Guillermo Vilas contó hace años en una televisión argentina el origen supuesto (el que él vivió) del efecto liftado en el tenis, su éxito en la élite. Vilas rememoraba un encuentro con un profesor que le habló del efecto que podía tener mediante distintas fuerzas del aire la pelota de tenis al golpearla. El efecto Magnus. Cuando la bola gira hacia delante, el aire se mueve más lento en la parte superior pero el giro consigue que el aire se mueva más rápido en la parte inferior. Como el aire va más rápido, la presión es más baja, y la diferencia de presión lleva la pelota abajo. De ahí que el liftado eleve la bola a toda velocidad pero esta caiga también muy rápido. Vilas lo resumió a la manera canchera: “La bola se frena”. Llegó a un torneo a Tokyo con el avance revolucionario en la cabeza, y allí se encontró, un día que estaba comiendo mirando a una pista, una bola a toda pastilla girando hacia delante, frenada. Y otra, y otra. Se quedó con la boca abierta. “Era el insoportable Björn Borg”. “¿De dónde sacaste tú eso?”, le preguntó. “Se lo pregunté porque Borg es completamente cuadrado, nunca leyó un libro. Y él me dijo: ‘Mi padre juega al ping pong”.

Casper Ruud, noruego, es una fortaleza en tierra batida gracias al liftado como lo era Nadal: golpes agresivos que, con esfuerzo, pueden ser ganadores, pero que no dejan de ser una manera inteligente, táctica, de defensa. Un golpe de control. Pegarle fuerte para asegurar que la bola entre. Ponerla a fingir en el aire como bola lenta, pero envenenada y alta cuando toca suelo y sale despedida. Hay algo en ese golpe que recuerda sin misericordia a las peores palizas de la vida, aquellas que creíamos controlar porque venían frenadas sin saber que sólo es al aterrizar, y creerlas ya bajo nuestro dominio, cuando se demuestran ingobernables.

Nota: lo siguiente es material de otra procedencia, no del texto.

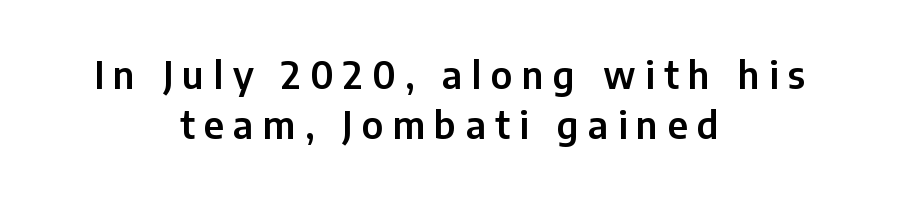
Q: Is the text italic (slanted)? A: No, it is upright.
Q: Is the typeface a serif or a sans-serif typeface? A: Sans-serif.
Q: Is the text underlined? A: No.
Q: How is the paragraph aligned? A: Centered.
Q: Is the spacing between letters normal or unusually wide? A: Unusually wide.
Q: Is the spacing between lines tight, normal or loose? A: Normal.
Q: Width (condensed, normal, or wide)? A: Normal.
Q: Stroke contrast? A: Low.
Q: x-height? A: Medium.
Q: Monospaced? A: No.
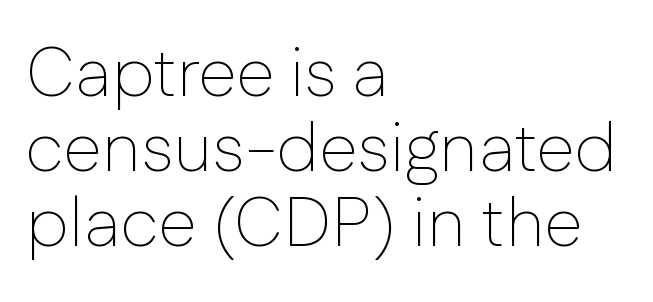
Here the glyphs are tracked normally, forming tight word shapes. Very little white space separates one row of letters from the next. Vertical strokes here are truly vertical. These lines are composed in type without serifs. These lines are set flush left with a ragged right edge.
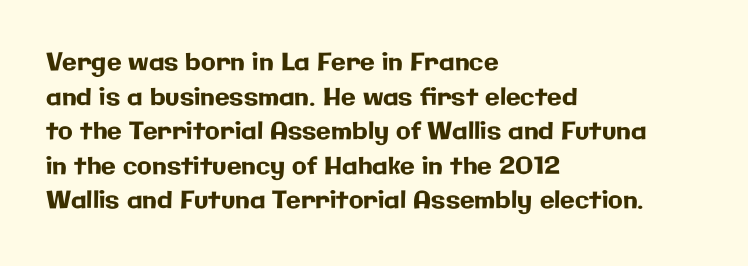
Q: Is the text italic (slanted)? A: No, it is upright.
Q: Is the text underlined? A: No.
Q: How is the paragraph aligned? A: Left-aligned.
Q: Is the spacing between letters normal or unusually wide? A: Normal.
Q: Is the spacing between lines tight, normal or loose? A: Normal.
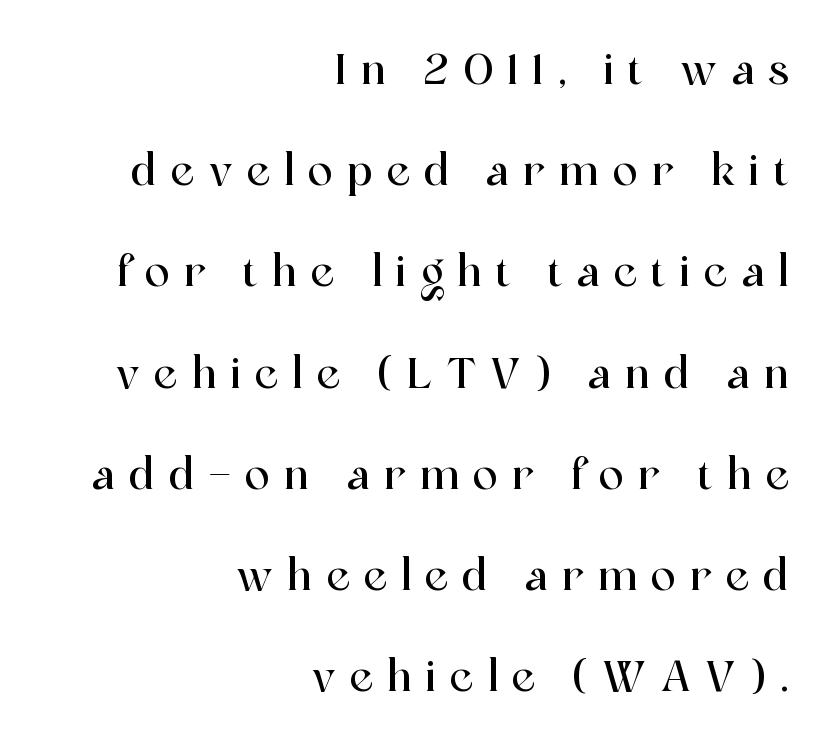
{"serif": "yes", "italic": "no", "width": "normal", "x_height": "medium", "monospaced": "no", "underline": "no", "align": "right", "line_spacing": "loose", "line_spacing_ratio": 2.41, "letter_spacing": "wide", "letter_spacing_em": 0.33, "glyph_px": 42}
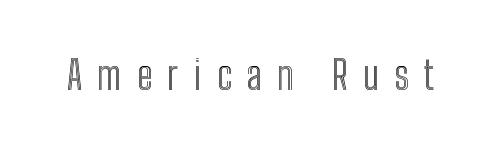
{"italic": "no", "width": "condensed", "x_height": "medium", "monospaced": "no", "underline": "no", "letter_spacing": "wide", "letter_spacing_em": 0.39, "glyph_px": 39}
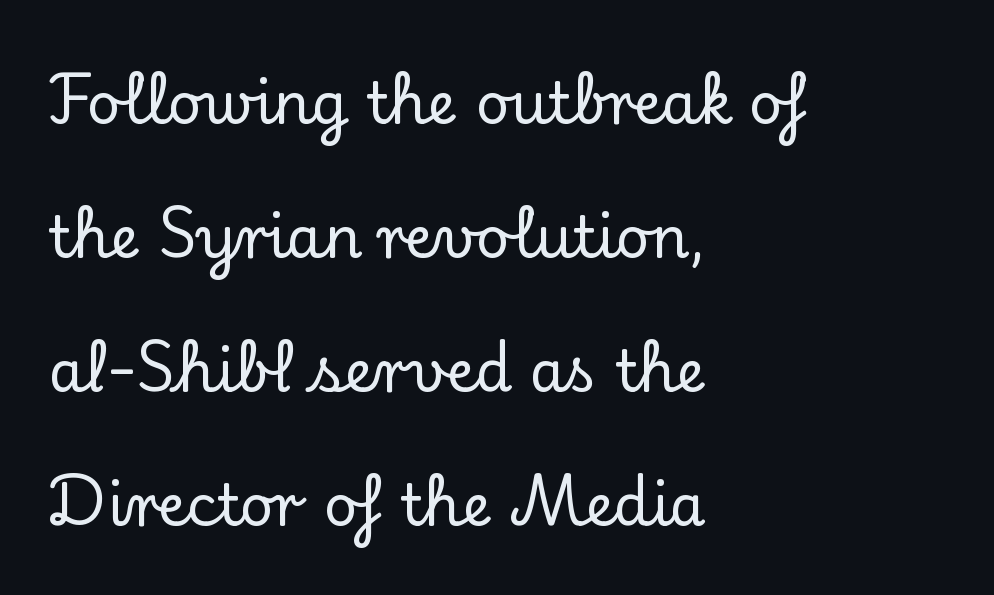
Q: Is the text italic (slanted)? A: No, it is upright.
Q: Is the typeface a serif or a sans-serif typeface? A: Serif.
Q: Is the text underlined? A: No.
Q: How is the paragraph aligned? A: Left-aligned.
Q: Is the spacing between letters normal or unusually wide? A: Normal.
Q: Is the spacing between lines tight, normal or loose? A: Loose.
Q: Width (condensed, normal, or wide)? A: Normal.
Q: Stroke contrast? A: Low.
Q: x-height? A: Small.
Q: Monospaced? A: No.

Jack Draper, británico, le pega a la bola como si el mundo le debiera algo. Zurdo y sin aparente esperanza en la tierra, ha hecho un Masters en Madrid de terror. Del mismo modo que Ruud, heredero de los cariños de Madrid por haberse criado en la academia de Rafa Nadal y entender el tenis como una laboriosa estrategia fundada en el control de los partidos. Fue lo que hizo Ruud pese a ponerse por debajo en el primer set: no perder el control, manejarlo incluso desde la derrota momentánea. En eso consiste también el tenis: en gestionar destrozos. De ahí la importancia del liftado, que fue un golpe de supervivencia hasta convertirse en un arma de doble filo.

La final del Masters enfrentó dos culturas conocidas, la de golpear hasta matar y la de resistir hasta sobrevivir. Draper contra Ruud. Ruud se impuso en el primer set porque tuvo paciencia y Draper en el segundo porque premió la impaciencia. En el tercero se agarraron a raquetazos en un juego interminable (1-1, al saque Draper) que acabó resolviendo el británico con saques de más de 200 km/h. Quizá ahí se estaban jugando más de lo que decían. Pero, si lo hicieron, no se sintió en el resultado. A Draper le falta control en la locura de golpes.

El tenis es un deporte tan solitario que en el entrenamiento se necesitan el uno al otro para calentar: tírame un globo, ahora una volea, ahora al revés. Se echan una mano para entrenar los golpes con los que luego se van a destrozar. Draper y Ruud se erosionaron mutuamente con la paciencia delicada con que se caen, de la nada, los imperios. Llegaron al tercer set escupidos por un oso. La fortaleza mental de Ruud contra la fortaleza física de Draper. Más viejo que la vida. Desenlace previsible: en el tenis la cabeza, de momento, destruye y construye más que un saco de golpes.